- Work order
Each line of the data must be given back verbatim, with pictures removed.

- Input data

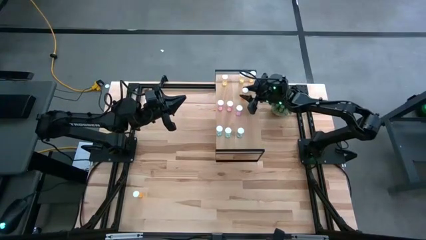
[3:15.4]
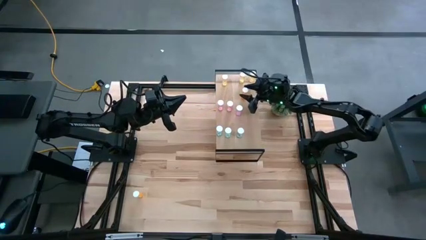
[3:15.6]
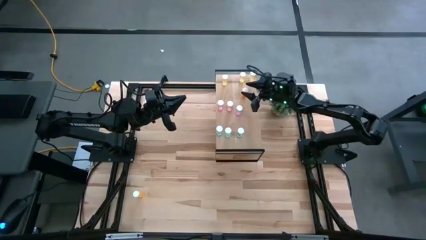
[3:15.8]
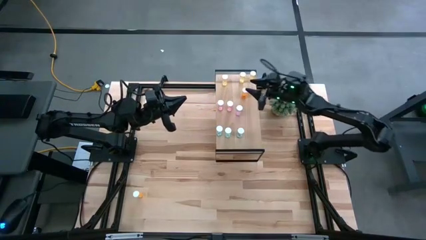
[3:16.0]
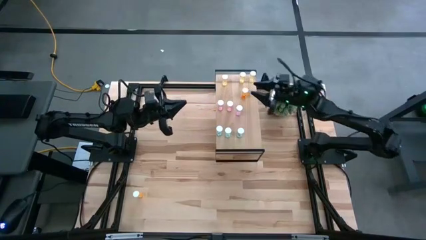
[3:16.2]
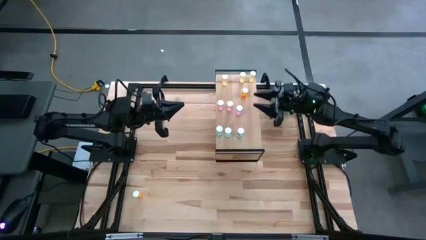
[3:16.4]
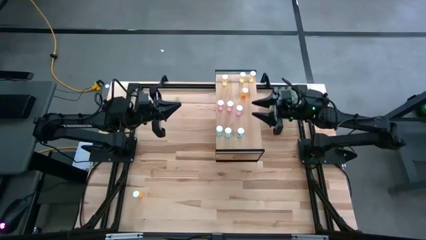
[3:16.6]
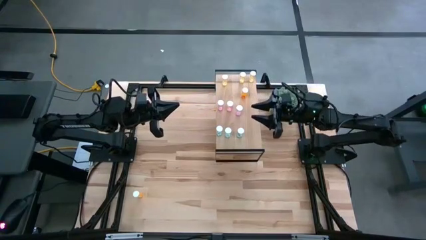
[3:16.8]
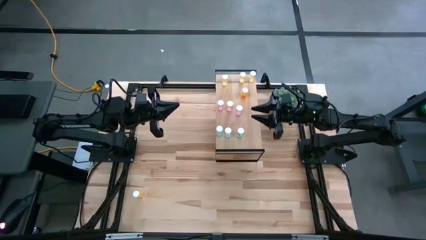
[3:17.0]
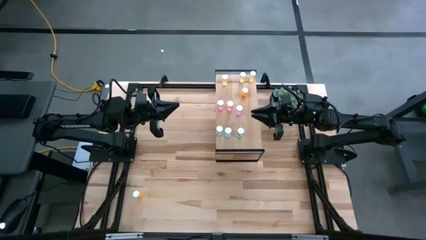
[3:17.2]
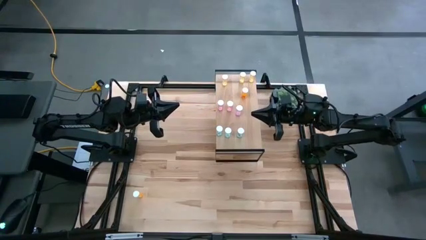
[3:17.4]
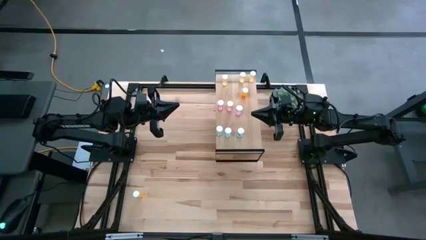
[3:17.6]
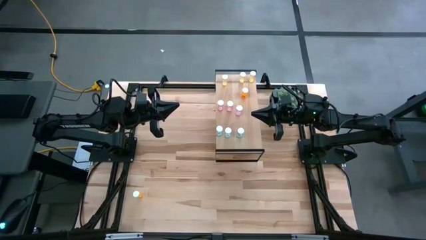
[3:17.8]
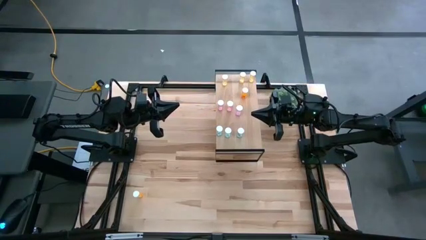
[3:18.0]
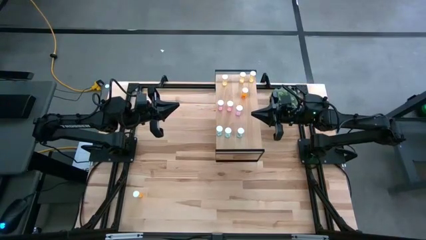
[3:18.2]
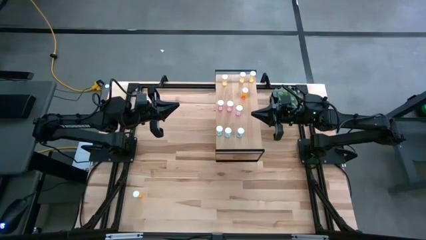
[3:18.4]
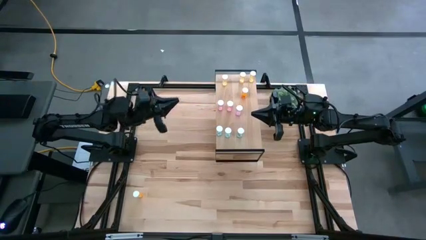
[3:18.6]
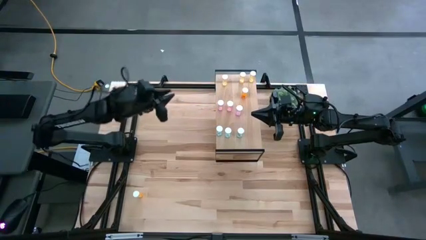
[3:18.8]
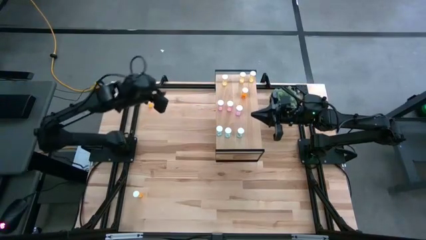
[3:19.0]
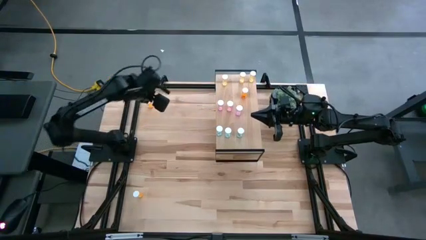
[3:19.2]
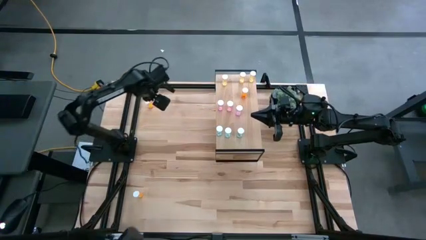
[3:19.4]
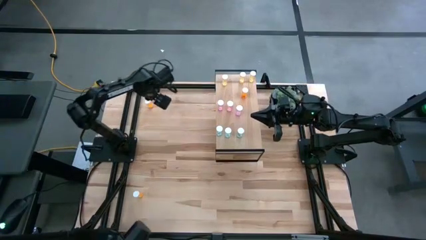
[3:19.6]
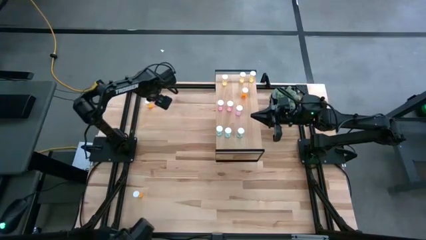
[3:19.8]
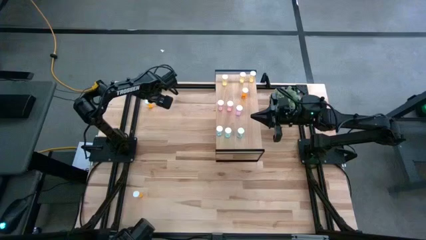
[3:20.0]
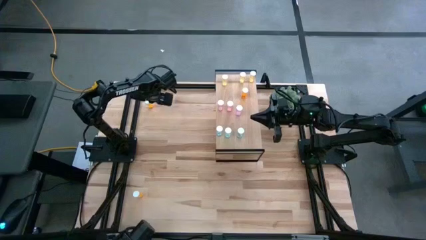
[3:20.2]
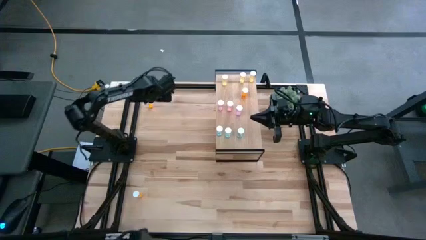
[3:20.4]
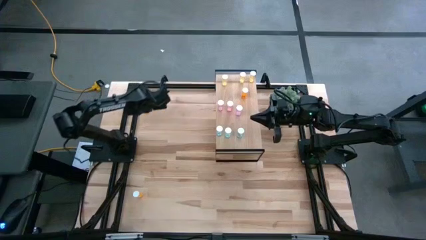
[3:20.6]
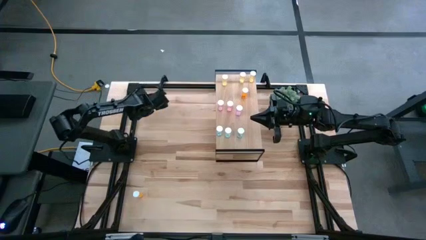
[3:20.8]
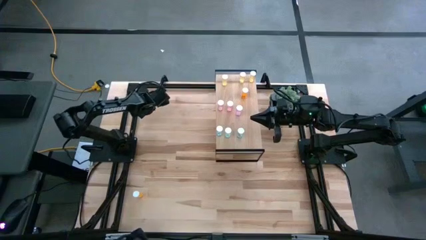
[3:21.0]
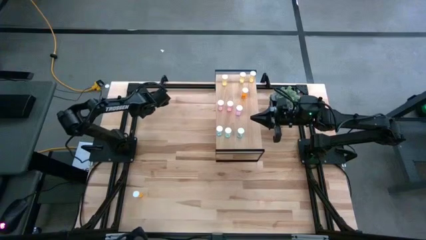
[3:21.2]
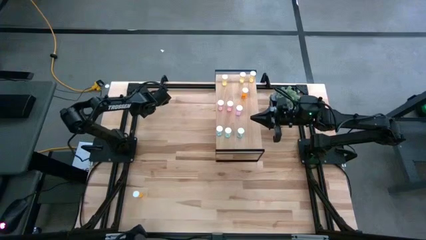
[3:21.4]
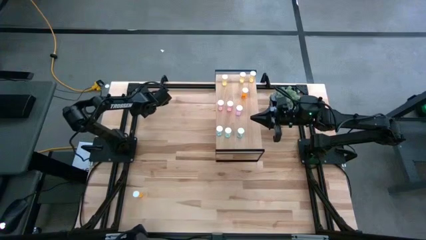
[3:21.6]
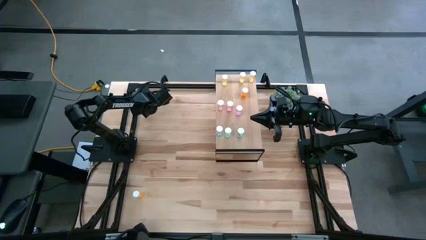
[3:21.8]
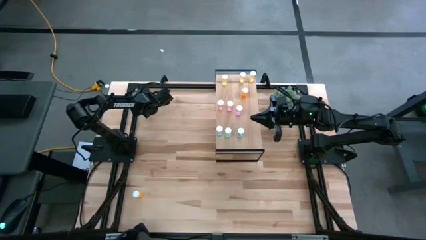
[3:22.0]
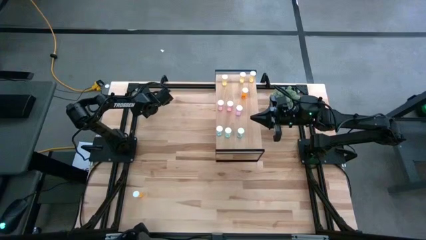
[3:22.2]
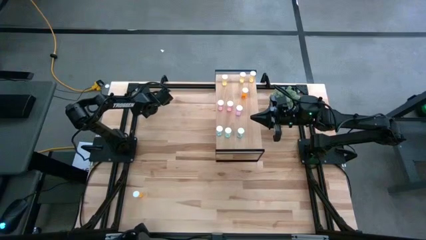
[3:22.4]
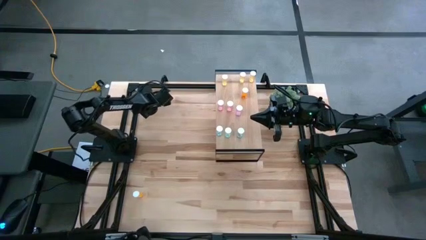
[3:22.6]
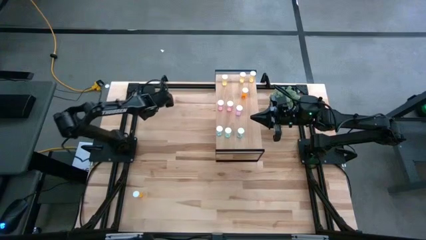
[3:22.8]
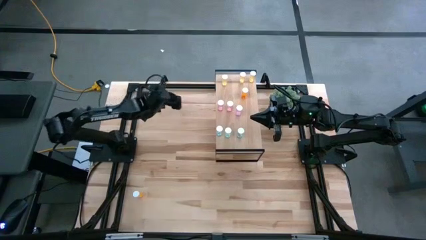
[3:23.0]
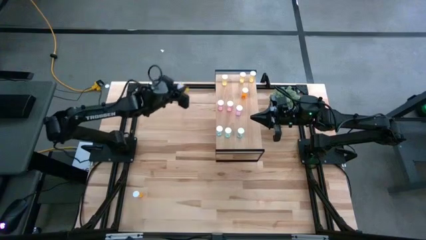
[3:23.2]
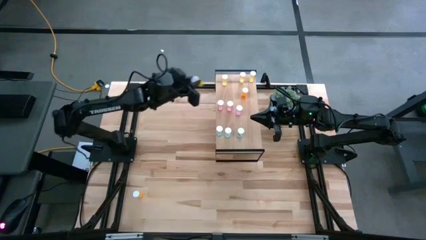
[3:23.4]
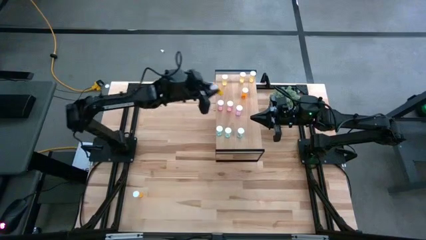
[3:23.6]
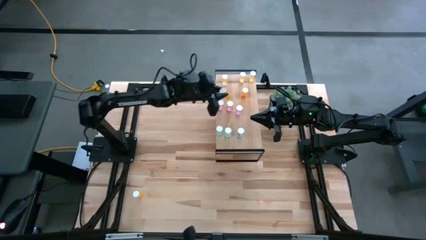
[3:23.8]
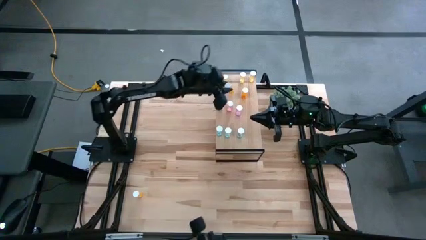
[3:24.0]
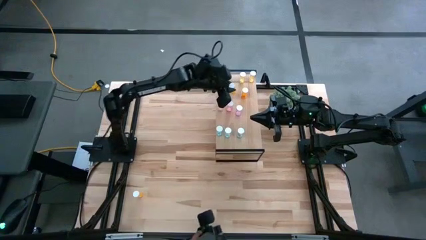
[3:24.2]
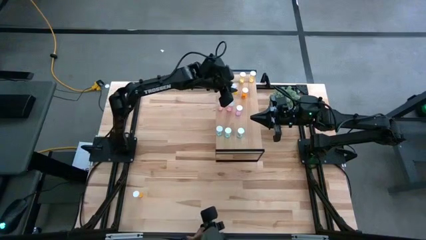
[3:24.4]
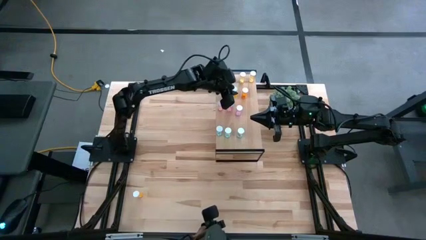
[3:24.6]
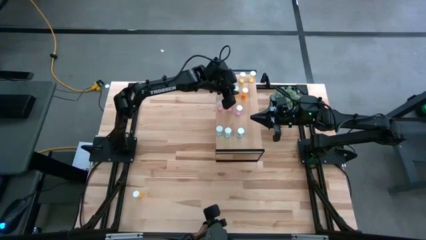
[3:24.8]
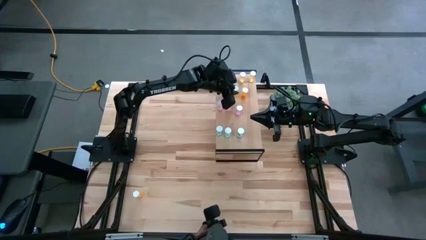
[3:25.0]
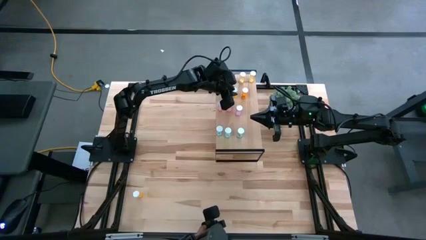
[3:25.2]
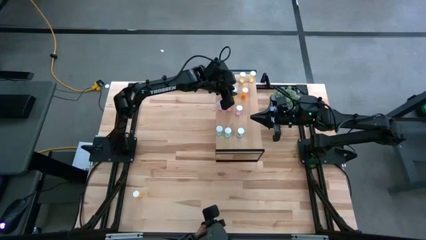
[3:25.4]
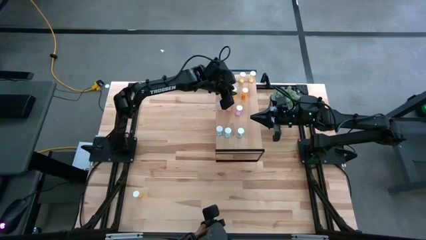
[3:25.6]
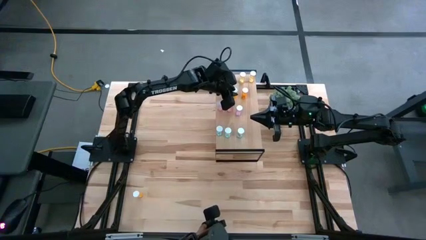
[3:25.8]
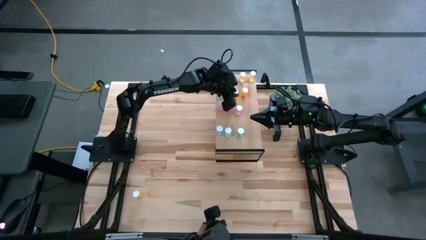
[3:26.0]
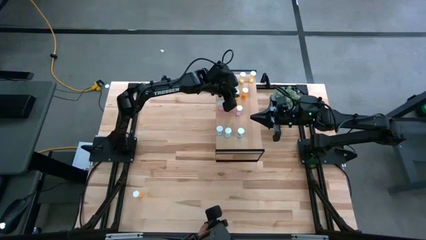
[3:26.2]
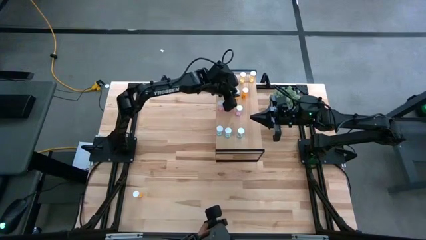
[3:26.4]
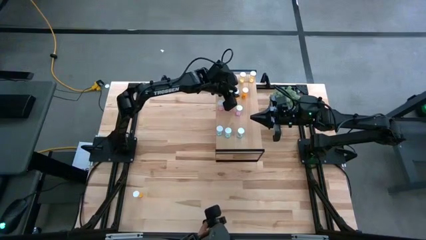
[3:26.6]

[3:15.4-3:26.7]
Task: Pick and place medicine bottles onto shelf by color
Put the top orange pill bottle on the shelf aligned with the other orange pill bottle

- Response for this exercise
[3:15.4]
[3:15.6]
[3:15.8]
[3:16.0]
[3:16.2]
[3:16.4]
[3:16.6]
[3:16.8]
[3:17.0]
[3:17.2]
[3:17.4]
[3:17.6]
[3:17.8]
[3:18.0]
[3:18.2]
[3:18.4]
[3:18.6]
[3:18.8]
[3:19.0]
[3:19.2]
[3:19.4]
[3:19.6]
[3:19.8]
[3:20.0]
[3:20.2]
[3:20.4]
[3:20.6]
[3:20.8]
[3:21.0]
[3:21.2]
[3:21.4]
[3:21.6]
[3:21.8]
[3:22.0]
[3:22.2]
[3:22.4]
[3:22.6]
[3:22.8]
[3:23.0]
[3:23.2]
[3:23.4]
[3:23.6]
[3:23.8]
[3:24.0]
[3:24.2]
[3:24.4]
[3:24.6]
[3:24.8]
[3:25.0]
[3:25.2]
[3:25.4]
[3:25.6]
[3:25.8]
[3:26.0]
[3:26.2]
[3:26.4]
[3:26.6]

[3:15.4-3:26.7]
Task: Pick and place medicine bottles onto shelf by color
Put the top orange pill bottle on the shelf aligned with the other orange pill bottle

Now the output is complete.